This Transparency Project Is Creating a Massive Collection of Police Data
America police data is a fractured mess of different departments and standards, the Police Data Accessibility Project wants to change that.
Police departments generate an incredible amount of data, as interactions with cops are recorded, collated, and processed. In most states that data is technically available, but anyone who’s tried to get information out of a local police department knows how hard it can be to access that data.
The Police Data Accessibility Project (PDAP) wants to change that. The non-profit is developing software that will scrape the publicly available data of America’s 18,000 different police organizations from programs such as Palm Beach’s eCaseview, which is a court records search tool that is free for the public. The goal is to consolidate this data and make it easy for the public to access.

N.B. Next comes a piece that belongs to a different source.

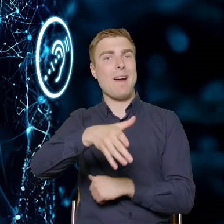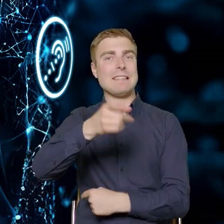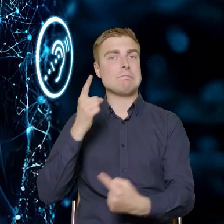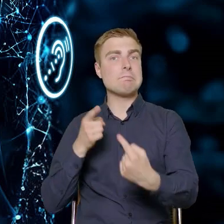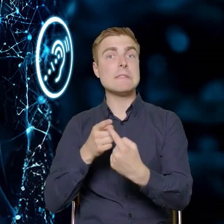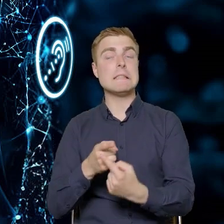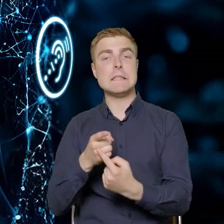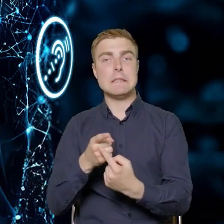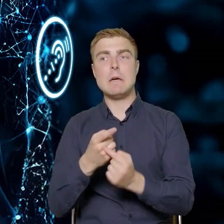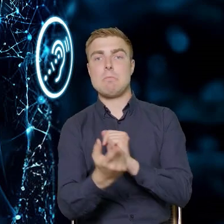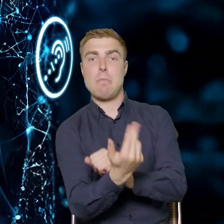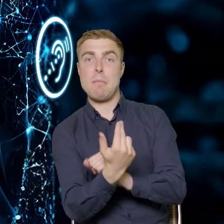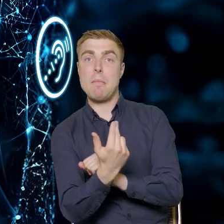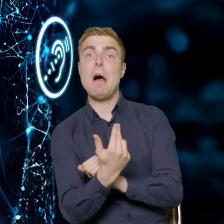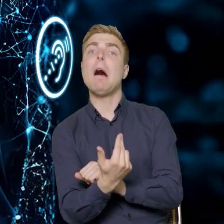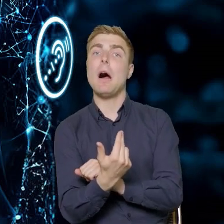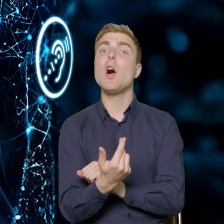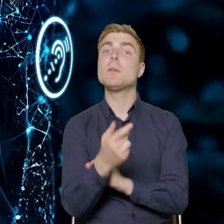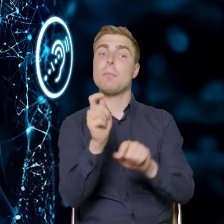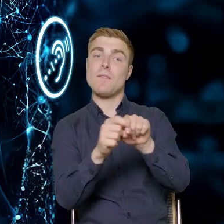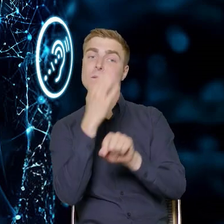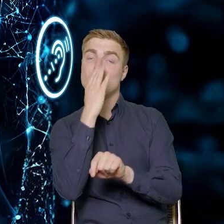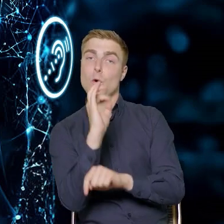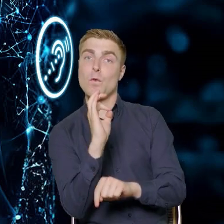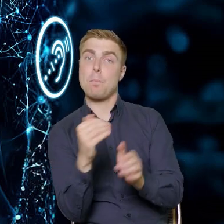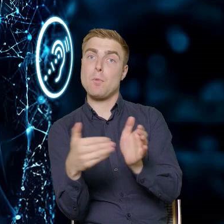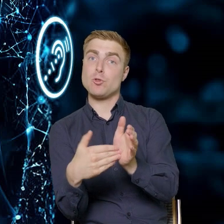określić ich potrzeby, a potem potem przeprowadzić szkolenia,

PDAP started 10 months ago when Kristin Tynski scraped the public records of Palm Beach County, Florida where she lives. She wanted to see if she could use the data to identify trends in policing, and give researchers and journalists a transparent view of the cops.
What Tynski found when she ran scrapers through her own county was shocking, but not surprising. In Palm Beach County, which is nearly 75 percent white according to census data, two officers gave 75 percent of their citations to non-white people, she found. About 70 percent of all violations written for having windows tinted too dark were given to minorities. Revealing these trends in big piles of police data is PDAP's mission.
She visualized some of the data, put it up on the internet and then linked to it on Reddit.“I posted about this project on Reddit, and it blew up,” Tynski told Motherboard in a DM. “I wanted to capture the momentum, because I know how much work trying to get this for most police depts will be. So, I put together a Slack community and started trying to organize.”
In the first few months, the PDAP has a huge influx of people. Thousands volunteered, but Tynski said it didn’t last. “The initial huge influx of people died off, but those that remained have been working diligently for 8 months,” she said.
PDAP’s long-term plan is to scrape data from police databases, store it somewhere secure, standardize the data, and then give the public access. Right now, PDAP is still building the programs it needs to collect data.
“There are problems of missing data, inconsistencies, and human error. In general, the data we care most about, citations/arrests, arrestee demographic info, individual officer/badge number, metadata like time/location, is available for most that we have looked at,” Tynski said. “There are some more detailed fields that seem to be unique to certain departments. Cleaning, validating, and standardizing incoming community contributed data will be part of what PDAP is responsible for.”
As more people stepped up to handle the process of scraping public records, Tynski stepped back and focused on her strength—getting the word out.
She’s happy for all the help. “I realized how big the project was while doing the scraping of my own county,” Tynski said. “It's complex, and most county systems are antiquated and filled with bugs. Getting this done —outside of some top-down government mandate—will require writing scrapers for hundreds, possibly thousands, of county websites. I would argue, it's worth the effort, and something we can get done.”
PDAP isn’t the first attempt to create a centralized database of police data. The FBI started a use-of-force database in 2018, but participation is voluntary. The Washington Post started tracking every fatal police shooting in 2015. According to the post, there’s been 988 in the past 12 months. The PDAP, once completed, would give a much wider view of how the police interact with the public.
There’s still a lot of work to do. “We are missing most of the data, we've written scrapers for a few counties in Florida,” Tynski said. “Until now we've been holding off on recruiting for, or pushing, scraping.”
She said that scraping this much data is still an emerging area of law and so the group has secured a good law firm before proceeding. “Scraping is a newish area of law and there isn’t a ton of precedent,” she said. A Canadian teen ran into trouble in 2018, for example, after scraping thousands of documents from the province of Nova Scotia's unsecured freedom of information document portal. He was charged with unauthorized access, but the charges were eventually dropped.
Tynski said she believes PDAP’s role is to collect the data, not analyze it. She leaves that to others. “We see that as the role of citizen journalists and the media,” she said. “Our goal is to facilitate accessibility to these groups, and give them the tools necessary to parse the data in useful ways.”